Do I have to read a whole chapter every time?
Does it count if I use an app?
So many options often keep us from doing anything at all.
Newton’s first law of thermodynamics says that an object of rest stays at rest and an object at motion stays in motion unless acting upon by an unbalanced force. Break that down:
An object at rest stays at rest- if you keep doing nothing then nothing will change. You can make all the plans and charts and memberships you want, but until you get up and do something…nothing will happen.
An object in motion stays in motion- just start. Whatever it is you’re wanting to do… JUST START! It doesn’t matter if you have all the answers or the route all plotted out. Just go.
You can either remain at rest wishing you were doing the thing you’d like or you can start.
When I started working out I started with body weight exercises.

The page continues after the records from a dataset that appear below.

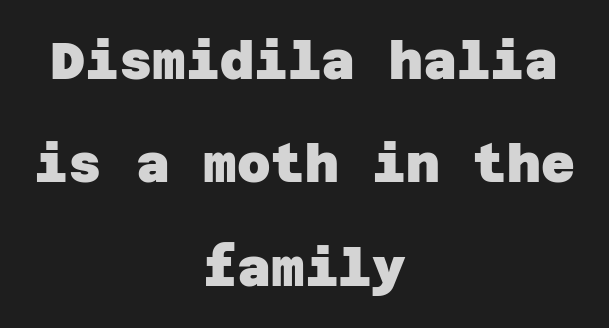
Grotesque or geometric, the face here clearly has no serifs. The space between consecutive lines is lavish. Emphasis by weight is at full strength: bold. Notice how the passage keeps no hard edge, just a central spine. Honestly, the letter spacing is just normal — you wouldn't notice it.
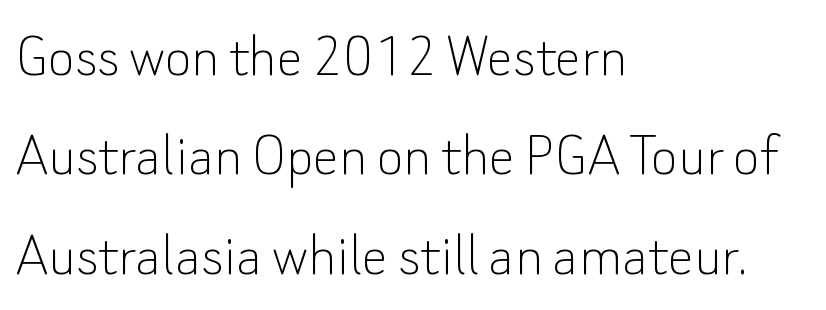
{"serif": "no", "italic": "no", "bold": "no", "weight": "thin", "width": "normal", "stroke_contrast": "low", "x_height": "small", "monospaced": "no", "underline": "no", "align": "left", "line_spacing": "normal", "line_spacing_ratio": 1.53, "letter_spacing": "normal", "letter_spacing_em": 0.0, "glyph_px": 65}
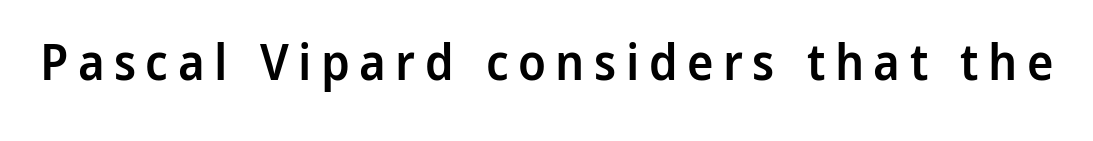
Q: Is the text bold? A: Semi-bold.
Q: Is the text italic (slanted)? A: No, it is upright.
Q: Is the typeface a serif or a sans-serif typeface? A: Sans-serif.
Q: Is the text underlined? A: No.
Q: Width (condensed, normal, or wide)? A: Normal.
Q: Stroke contrast? A: Low.
Q: x-height? A: Medium.
Q: Monospaced? A: No.
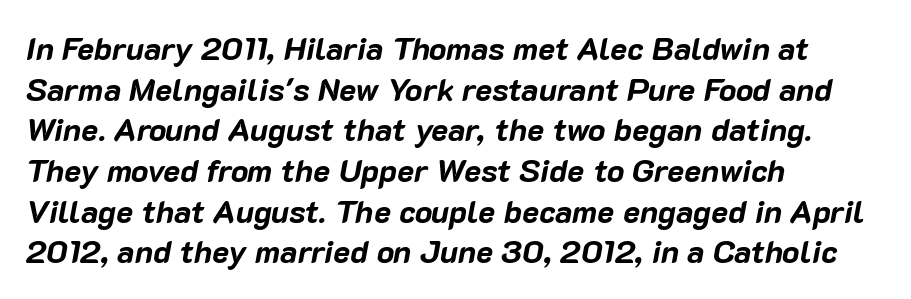
Successive baselines arrive at the customary interval. Note the varied advance widths — an 'i' is clearly narrower than an 'm'. Students, this is bold: see how much ink each stroke carries. A clean baseline with only descenders dipping below it. Style check: oblique. Letter spacing: default.
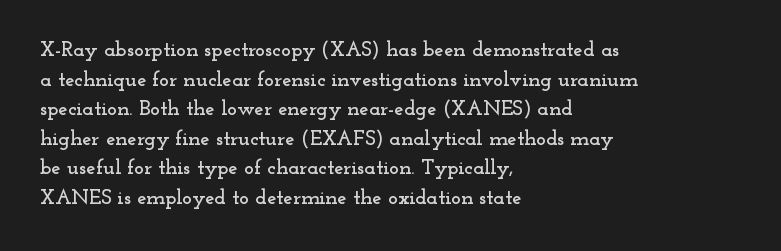
Q: Is the text italic (slanted)? A: No, it is upright.
Q: Is the text underlined? A: No.
Q: How is the paragraph aligned? A: Left-aligned.
Q: Is the spacing between letters normal or unusually wide? A: Normal.
Q: Is the spacing between lines tight, normal or loose? A: Normal.
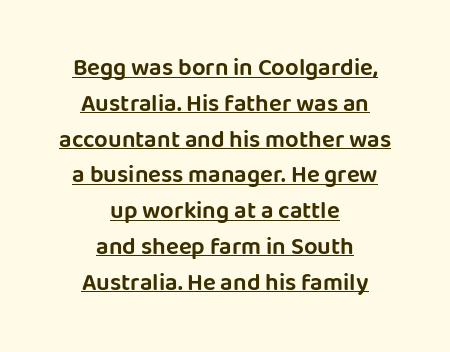
{"italic": "no", "underline": "yes", "align": "center", "line_spacing": "normal", "line_spacing_ratio": 1.49, "letter_spacing": "normal", "letter_spacing_em": 0.0, "glyph_px": 24}
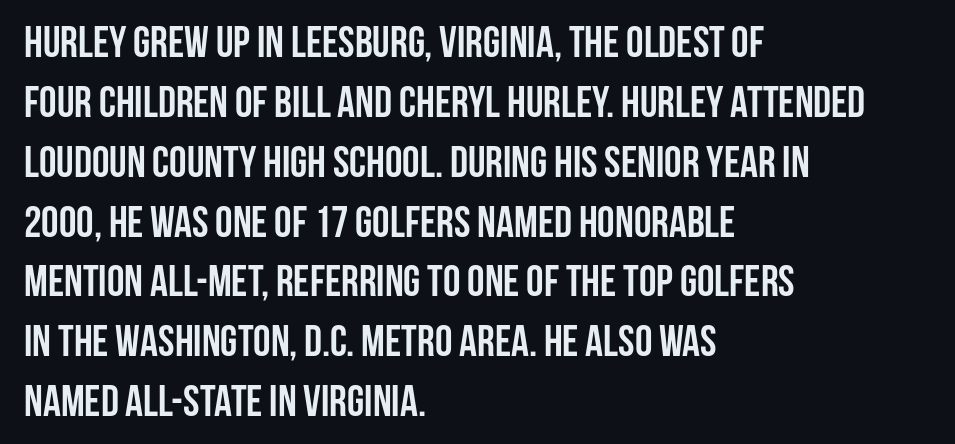
No word sits above an underline. Observe the ordinary spacing: letters are neighbours, not strangers. In CSS terms this would be text-align: left. Do the characters align in a grid? No, the font is proportional.
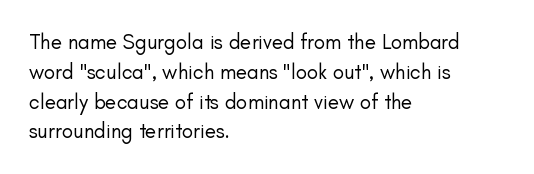
Q: Is the text bold? A: No.
Q: Is the text italic (slanted)? A: No, it is upright.
Q: Is the text underlined? A: No.
Q: How is the paragraph aligned? A: Left-aligned.
Q: Is the spacing between letters normal or unusually wide? A: Normal.
Q: Is the spacing between lines tight, normal or loose? A: Normal.
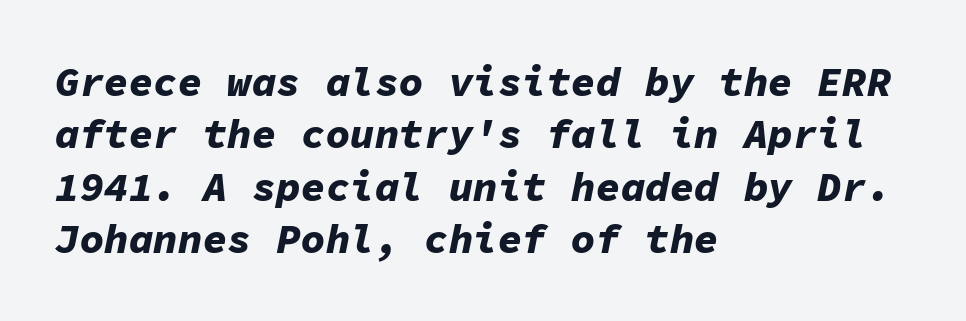
The image shows 41 px bold type, italic (leaning right), monospaced; set left-aligned, normal line spacing (1.28x), normal letter spacing, not underlined; low stroke contrast and a medium x-height.
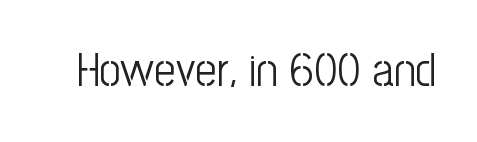
Q: Is the text bold? A: No.
Q: Is the text italic (slanted)? A: No, it is upright.
Q: Is the typeface a serif or a sans-serif typeface? A: Sans-serif.
Q: Is the text underlined? A: No.
Q: Is the spacing between letters normal or unusually wide? A: Normal.
Q: Width (condensed, normal, or wide)? A: Condensed.
Q: Stroke contrast? A: Low.
Q: x-height? A: Medium.
Q: Monospaced? A: No.
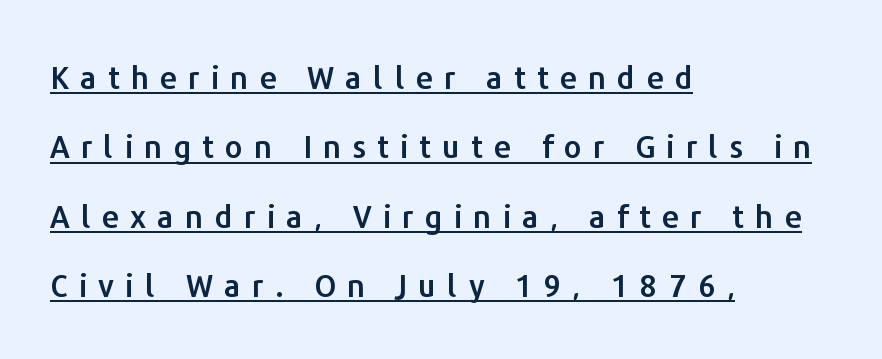
Line spacing here is loose. Observe the wide spacing: letters keep a clear distance from each other. The lettering stays uniformly vertical, giving the passage a roman look. Underlined type.
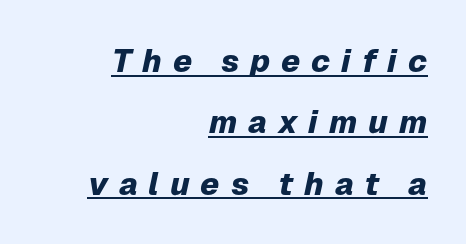
{"italic": "yes", "lean": "right", "slant_degrees": 12, "bold": "yes", "weight": "heavy", "width": "normal", "stroke_contrast": "low", "x_height": "medium", "monospaced": "no", "underline": "yes", "align": "right", "line_spacing": "loose", "line_spacing_ratio": 1.92, "letter_spacing": "wide", "letter_spacing_em": 0.34, "glyph_px": 32}
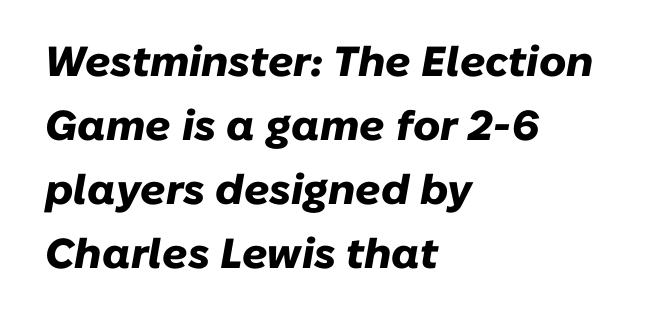
The image shows 42 px heavy type, italic (leaning right); set left-aligned, normal line spacing (1.52x), normal letter spacing, not underlined; low stroke contrast and a medium x-height.
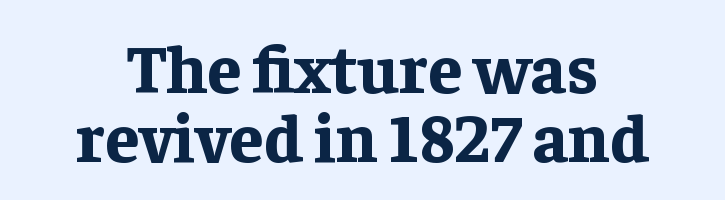
Do the characters align in a grid? No, the font is proportional. These lines are centered, leaving both edges ragged. The lettering stays uniformly vertical, giving the passage a roman look. In terms of letterspacing, this is plain default setting. As a designer I'd log this as weight 700, bold. Letters rest on an invisible, unmarked baseline.
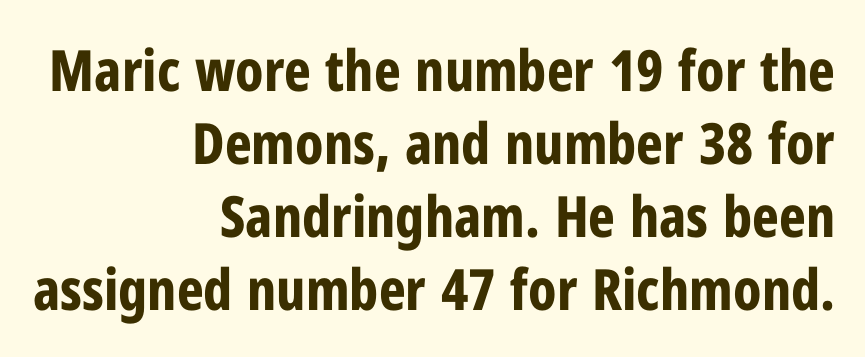
{"serif": "no", "italic": "no", "bold": "yes", "weight": "bold", "width": "condensed", "stroke_contrast": "low", "x_height": "medium", "monospaced": "no", "underline": "no", "align": "right", "line_spacing": "normal", "line_spacing_ratio": 1.28, "letter_spacing": "normal", "letter_spacing_em": 0.0, "glyph_px": 57}

I tried to do 4 sets of 20 pushups. I couldn’t do it. Not even close. So I did 4 sets of whatever amount I could do. Over time the amount I could do increased.
It doesn’t matter what you’re wanting to do. Whether it’s more Bible/quiet time, a healthier lifestyle, learning to paint, start hiking, playing with your kids, going back to school, starting a business…none of that happens if you don’t just start.
Take that first step. Open that first book. Throw the first ball. Pick up the paint brush. Make a phone call. The moment you start in motion you will tend to stay in motion. Whatever you’re wanting to do…just start.
Over the next couple of weeks, I’m going to share with you what I’m doing (physical and spiritual wellness) and how I do it. Let’s walk into 2020, ready to receive what God has in store for us.